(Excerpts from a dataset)

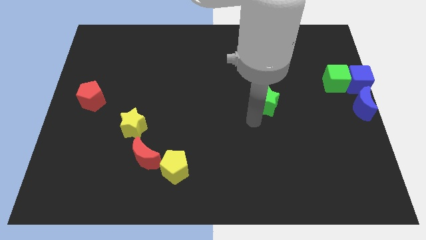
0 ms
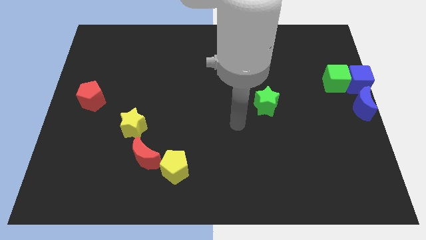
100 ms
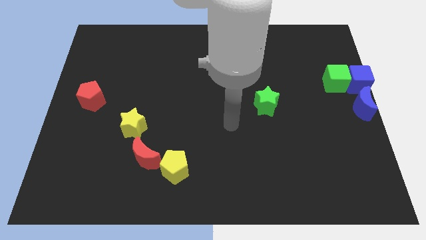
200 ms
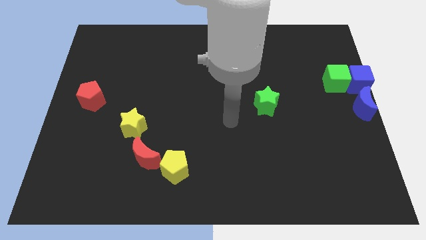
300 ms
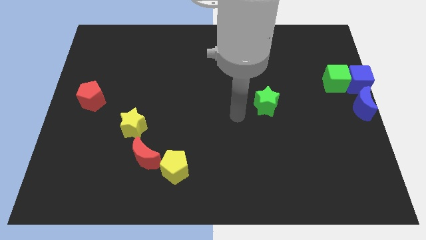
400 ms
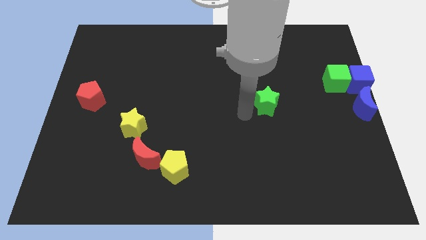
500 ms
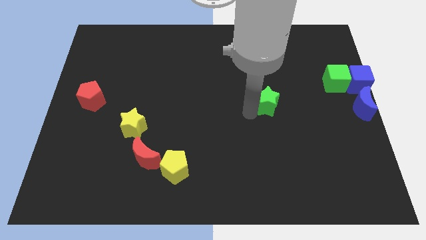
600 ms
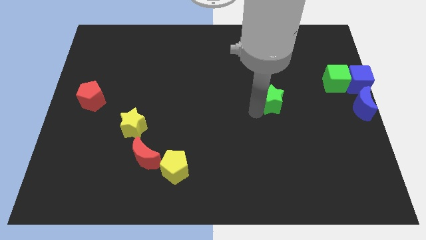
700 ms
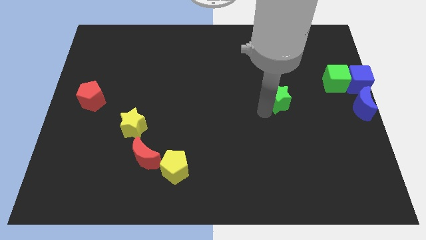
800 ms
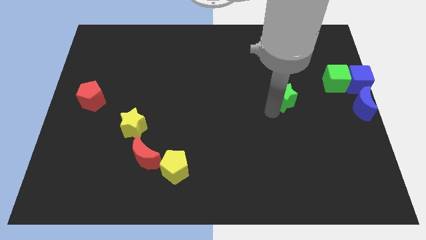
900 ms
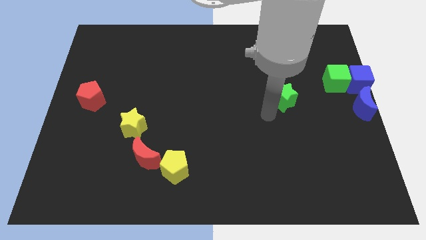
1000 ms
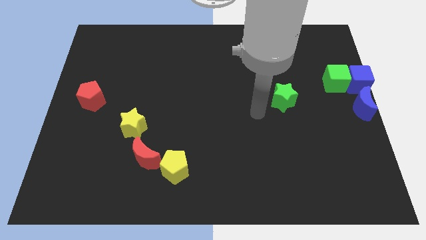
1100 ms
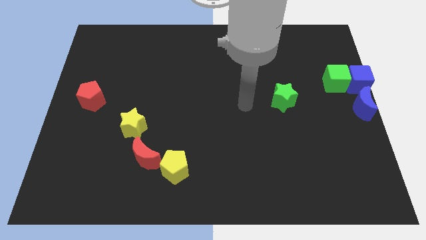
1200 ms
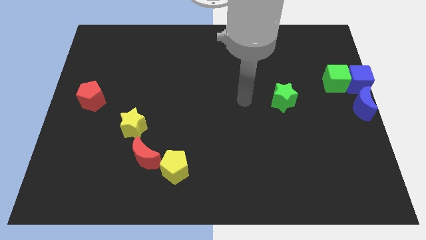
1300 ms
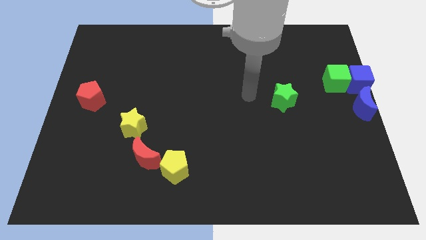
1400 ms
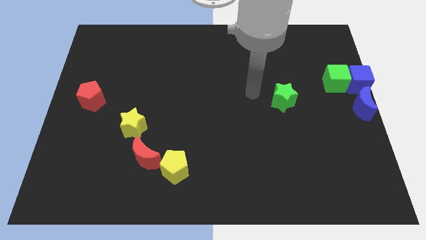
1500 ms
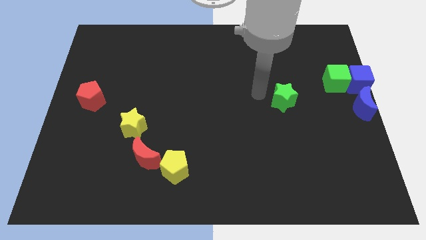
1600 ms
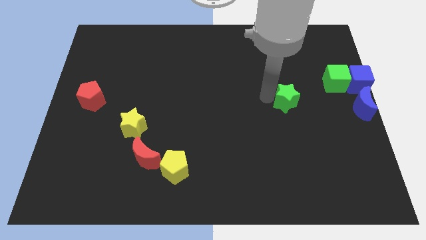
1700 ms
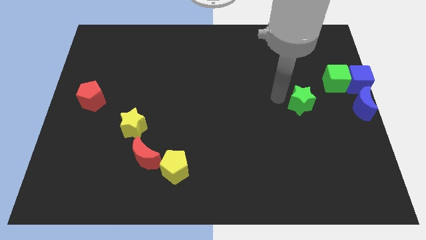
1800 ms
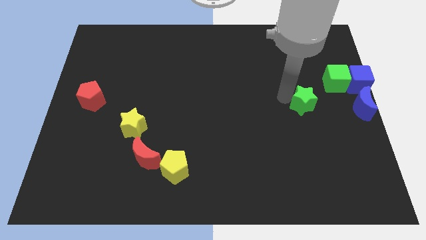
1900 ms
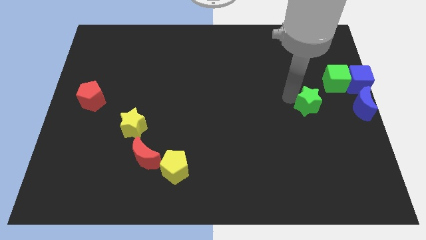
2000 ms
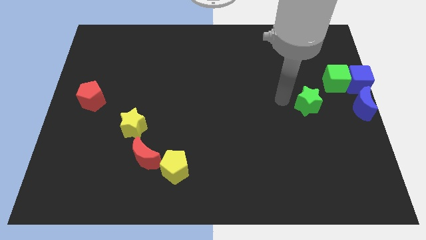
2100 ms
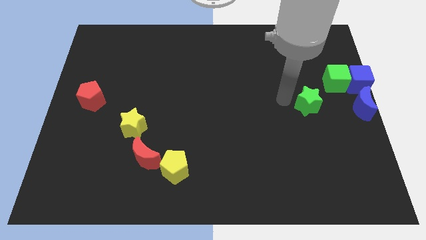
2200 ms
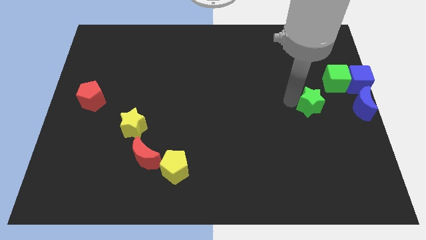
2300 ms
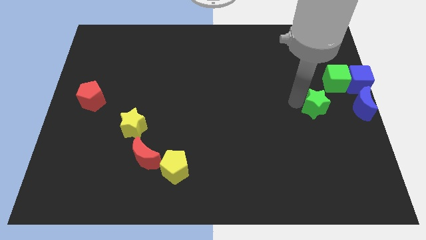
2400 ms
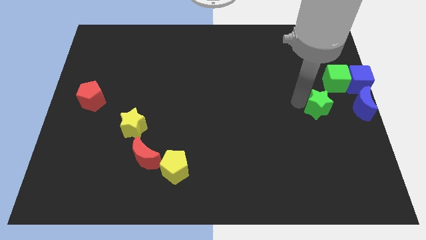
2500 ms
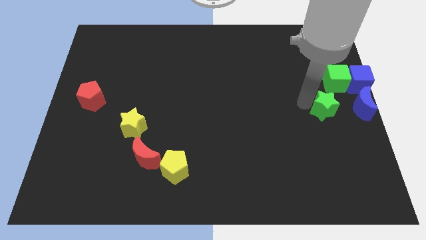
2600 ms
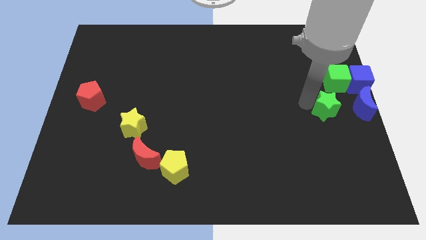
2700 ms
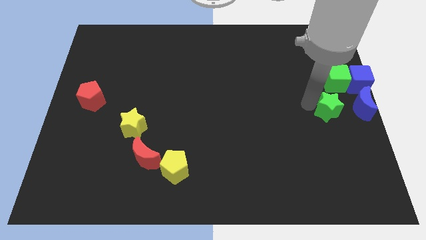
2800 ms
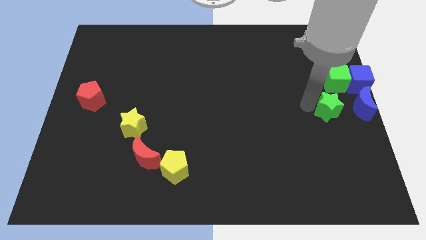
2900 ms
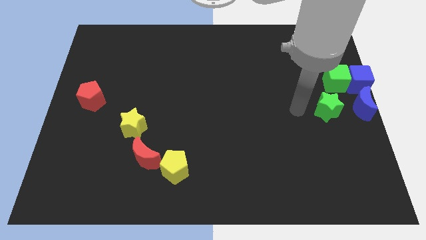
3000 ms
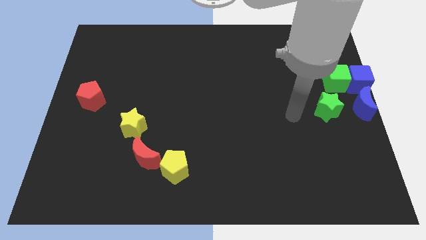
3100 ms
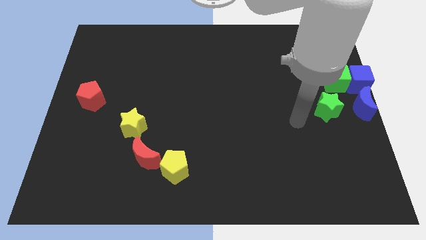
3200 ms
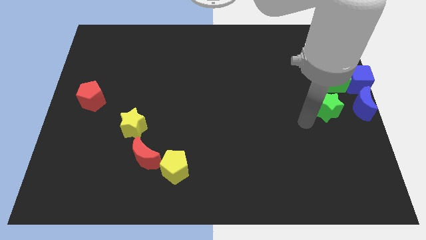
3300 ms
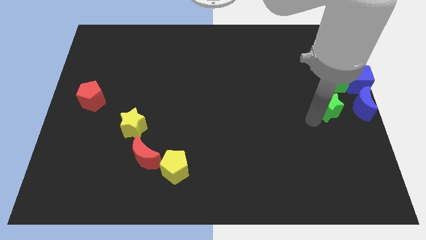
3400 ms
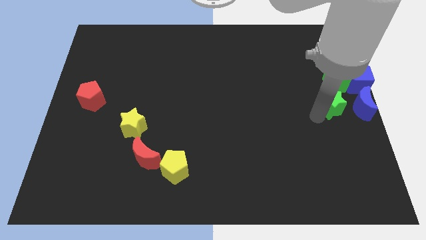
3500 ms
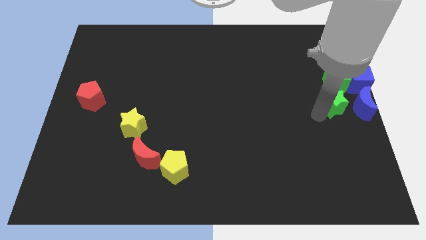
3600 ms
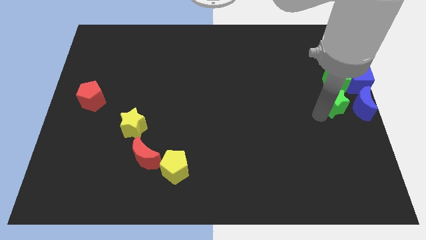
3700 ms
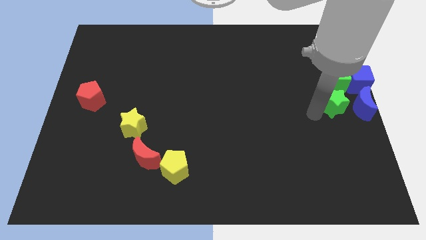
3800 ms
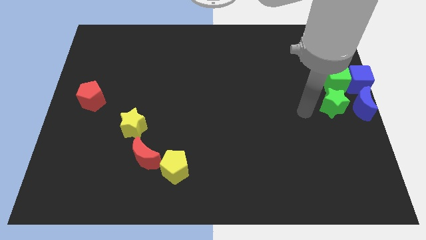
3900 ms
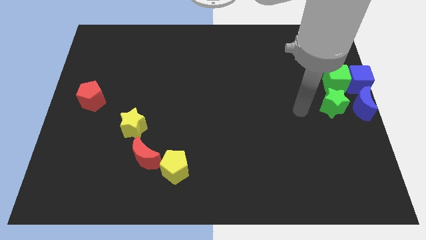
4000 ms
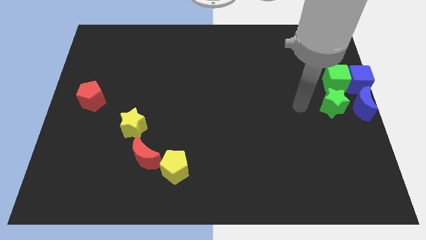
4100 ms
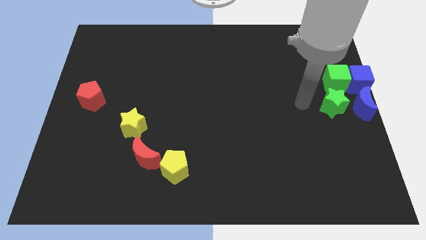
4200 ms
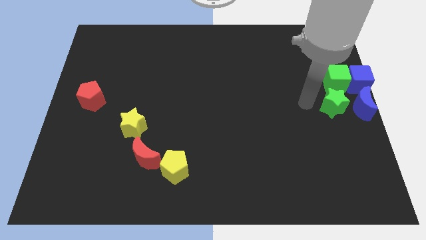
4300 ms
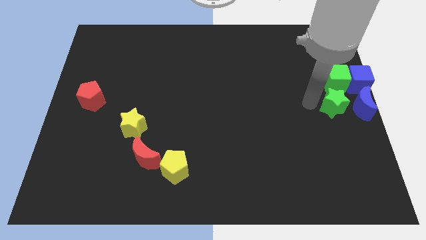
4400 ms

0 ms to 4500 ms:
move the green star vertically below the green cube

Task directions: Copy the preceding data in full and word for word, dropping its pictures.

Task response:
0 ms
100 ms
200 ms
300 ms
400 ms
500 ms
600 ms
700 ms
800 ms
900 ms
1000 ms
1100 ms
1200 ms
1300 ms
1400 ms
1500 ms
1600 ms
1700 ms
1800 ms
1900 ms
2000 ms
2100 ms
2200 ms
2300 ms
2400 ms
2500 ms
2600 ms
2700 ms
2800 ms
2900 ms
3000 ms
3100 ms
3200 ms
3300 ms
3400 ms
3500 ms
3600 ms
3700 ms
3800 ms
3900 ms
4000 ms
4100 ms
4200 ms
4300 ms
4400 ms

0 ms to 4500 ms:
move the green star vertically below the green cube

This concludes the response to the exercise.